2.6 Computational metrics and results interpretation
A set of computational metrics are selected for this study. The binary assessment comparing the scenarios with and without re-infiltration is considered with True Positives (TP), False Negatives (FN), and False Positives (FP). The rationale behind this is that flood extent observations, e.g., witness reports, watermark, satellite-derived flood extent, and insurance claims, are still uncertain without ground truth (Bates, 2004; Chen et al., 2021). For flood magnitude, the depth, area, and volume are calculated as a basin-integrated ratio. For flood dynamics, we inspect the initial inundation timings and total inundation duration that are often factored in flood risk assessments (Merz, Kreibich, Schwarze, & Thieken, 2010). The first six metrics listed in Table 3 are calculated at the maximum flood depth across the simulation period. In the real case study, we verify the performance of two schemes against stream gauge measurements, which is so far the most conventional and trustworthy source. During the verification, the Nash-Sutcliffe Efficiency (NSE) and Correlation Coefficient (CC) are the primary evaluation scores with each indicating the best value of 1. The detailed formulas for calculating these variables are listed in Table 3, as well as their ranges.
[INSERT TABLE 3 HERE]
The RMSE can be further decomposed to reveal the systematic error and random error (Tang et al., 2020). First, we assume an additive error model by fitting a linear regression to our simulated stage to determine regression coefficients a and b . We assign the new variable as F . Then the residual is calculated by the difference of observed river stage O and fitted river stage F .

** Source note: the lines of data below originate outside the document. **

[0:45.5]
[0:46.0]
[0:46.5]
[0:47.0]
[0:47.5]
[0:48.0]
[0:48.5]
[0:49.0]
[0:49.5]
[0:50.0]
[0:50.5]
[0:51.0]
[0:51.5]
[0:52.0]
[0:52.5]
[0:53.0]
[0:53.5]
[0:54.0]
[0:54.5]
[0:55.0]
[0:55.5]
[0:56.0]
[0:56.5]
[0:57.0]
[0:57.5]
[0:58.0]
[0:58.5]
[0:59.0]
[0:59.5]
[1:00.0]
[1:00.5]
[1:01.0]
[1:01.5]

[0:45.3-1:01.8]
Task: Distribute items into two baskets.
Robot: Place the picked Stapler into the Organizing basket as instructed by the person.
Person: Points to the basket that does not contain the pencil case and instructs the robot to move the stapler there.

\begin{equation} F=a\times S+b\nonumber \\ \end{equation}\begin{equation} \text{RMSE}_{S}=\sqrt[2]{\frac{1}{n}\sum_{i=1}^{n}{(S-F)}^{2}}\nonumber \\ \end{equation}\begin{equation} \text{RMSE}_{R}=\sqrt[2]{\frac{1}{n}\sum_{i=1}^{n}{(F-O)}^{2}}\nonumber \\ \end{equation}
, where S is denoted as the simulated river stage and O is the observed.

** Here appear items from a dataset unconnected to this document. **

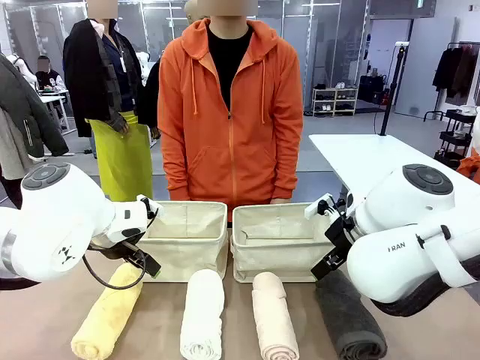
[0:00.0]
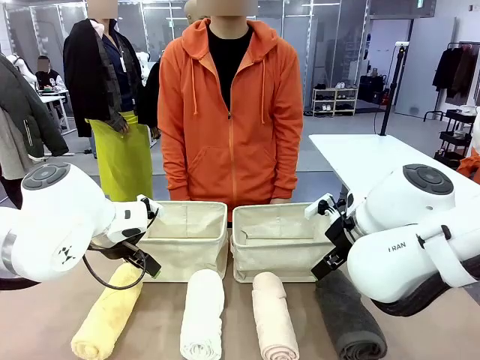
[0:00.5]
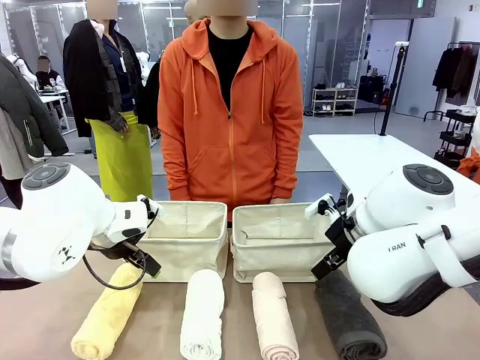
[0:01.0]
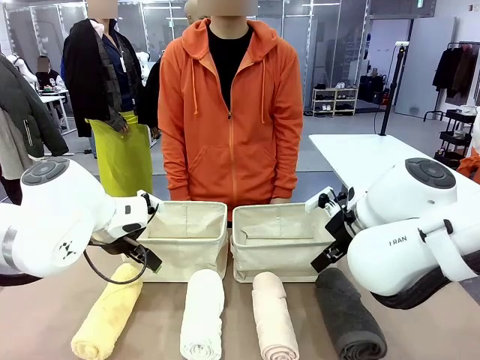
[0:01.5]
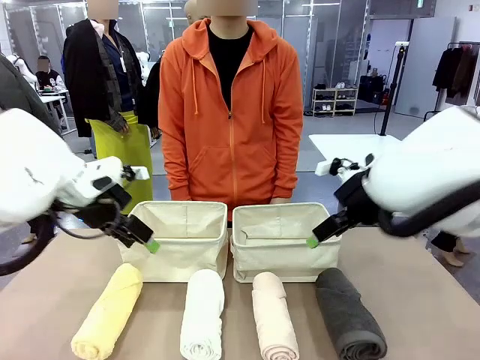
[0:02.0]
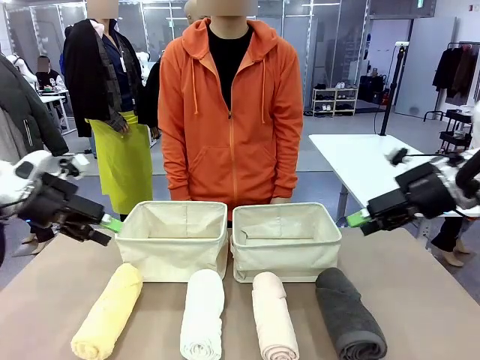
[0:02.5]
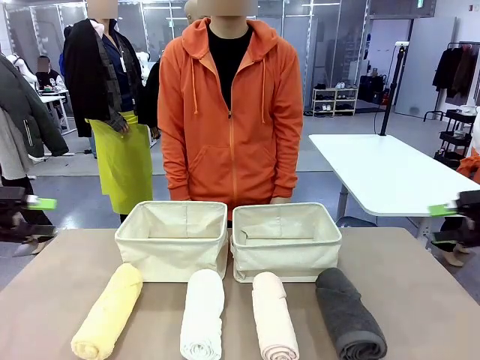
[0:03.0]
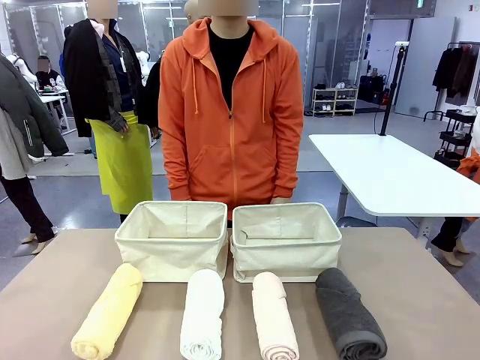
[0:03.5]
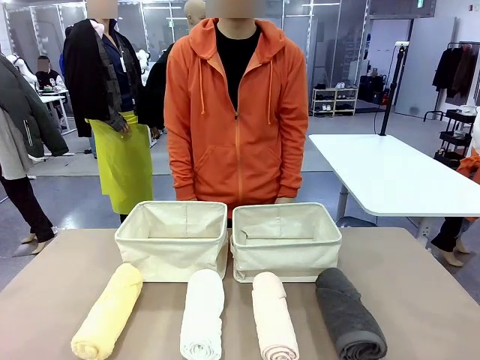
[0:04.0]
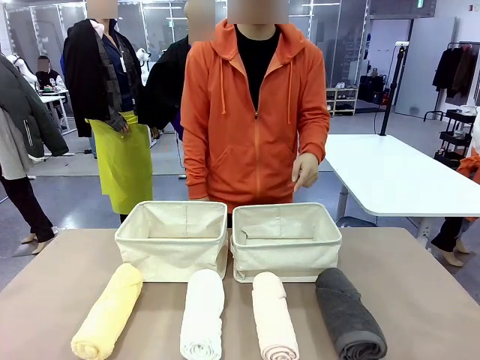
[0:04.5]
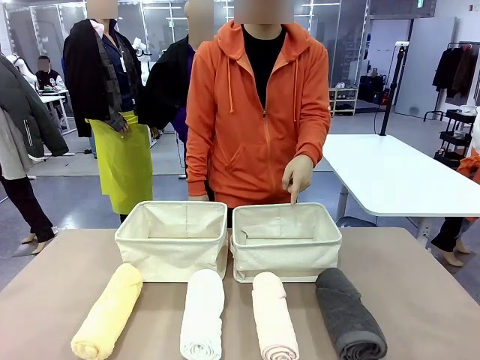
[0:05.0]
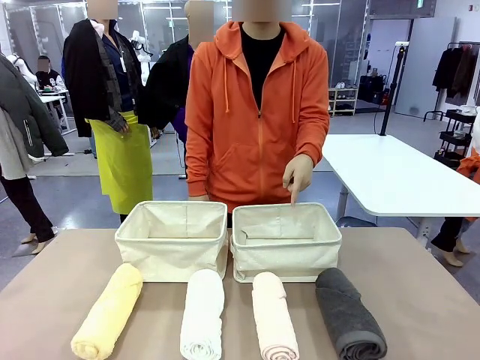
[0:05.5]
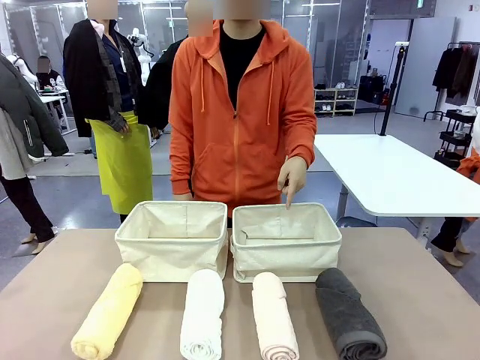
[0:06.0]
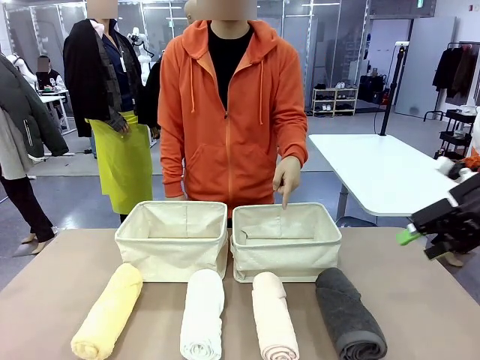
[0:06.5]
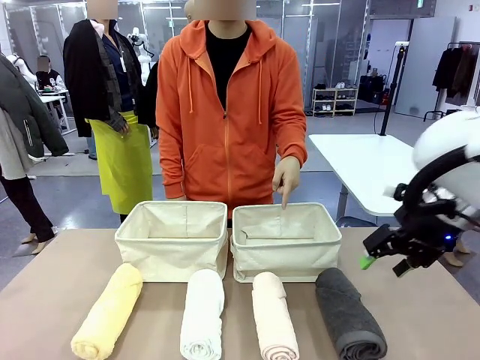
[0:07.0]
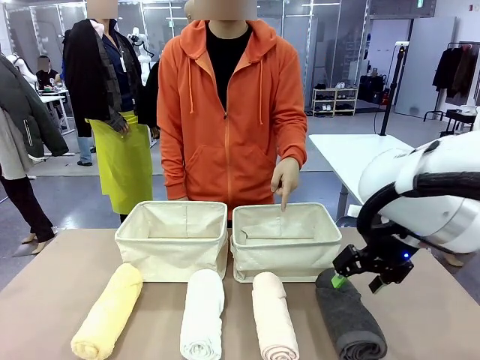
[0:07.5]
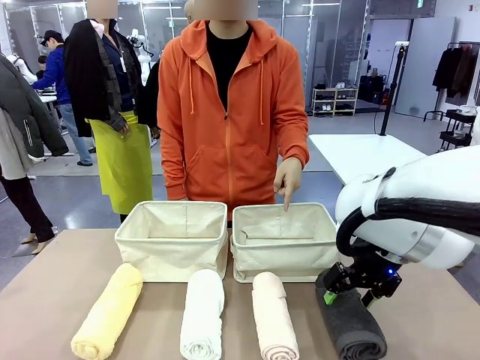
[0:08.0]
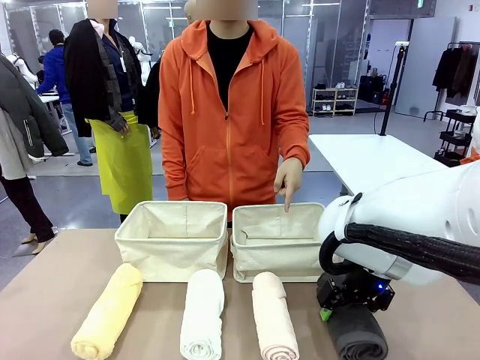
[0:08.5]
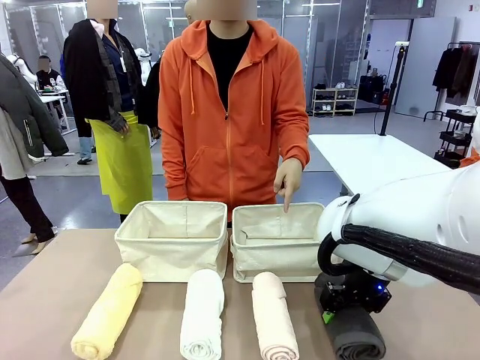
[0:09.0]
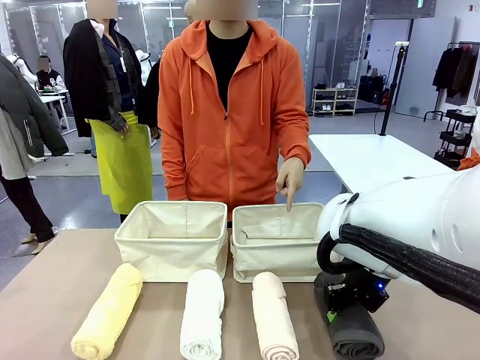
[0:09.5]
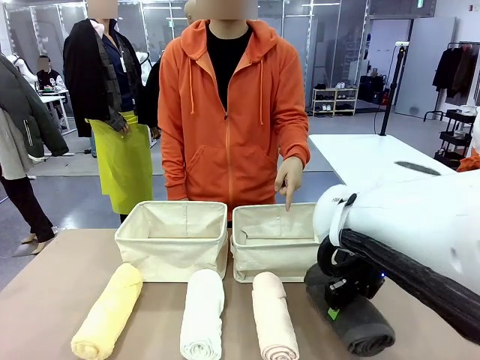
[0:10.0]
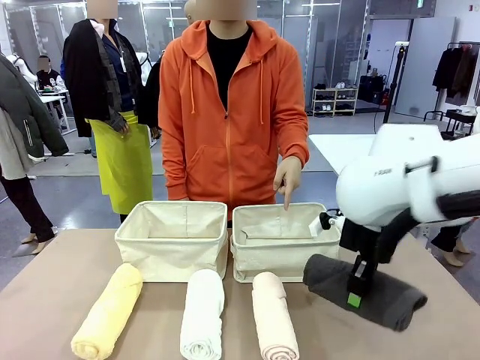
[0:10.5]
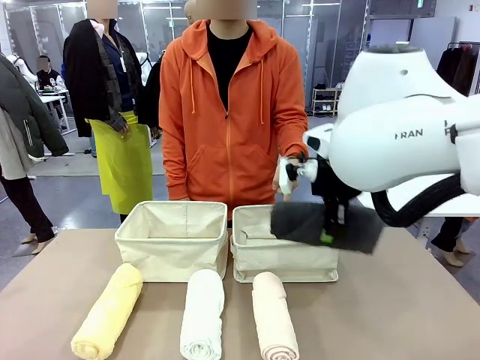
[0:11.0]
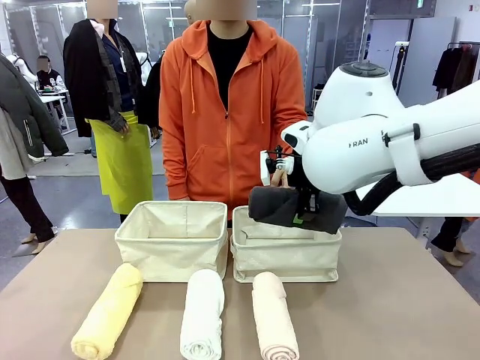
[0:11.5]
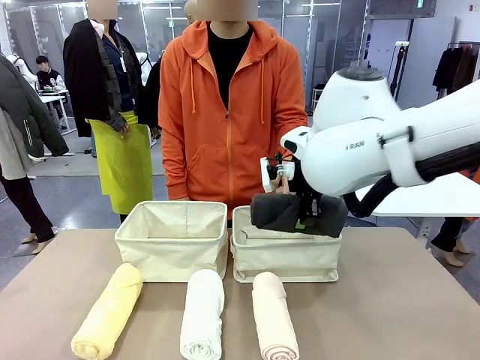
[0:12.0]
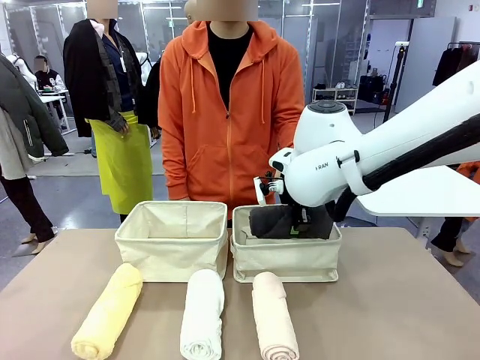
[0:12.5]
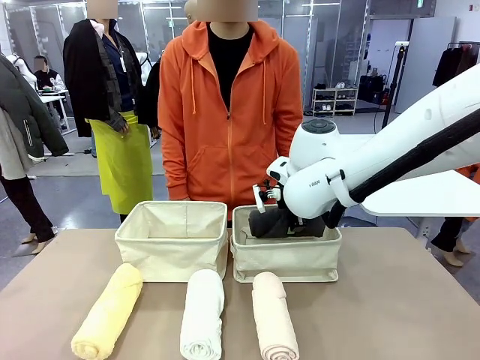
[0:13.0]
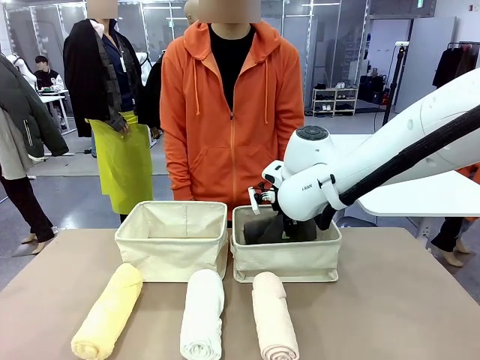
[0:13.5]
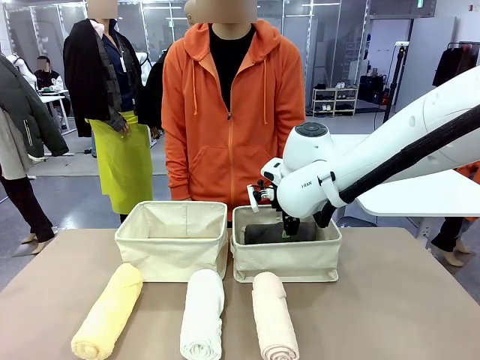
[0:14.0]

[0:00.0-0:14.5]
Task: Divide the towels into two baskets.
Robot: Pick up one hotel-folded towel and place it in the Fabric basket indicated by the person.

In the results section, we present it in two parts: sensitivity analysis and real case study. The former includes basin-wise difference in an integral to reveal general differences (Section 3.1.1) and spatiotemporal relations to uncover the importance of re-infiltration with time and space (Section 3.1.2). In the real case study, we focus on the efficacy of re-infiltration scheme by comparing to river stage observations (Section 3.2.1), and the High Water Marks surveyed in the aftermath of the event (Section 3.2.2). In Section 3.2.3, we investigate the importance of re-infiltration scheme in real case study by cross-comparing it to the synthetic results.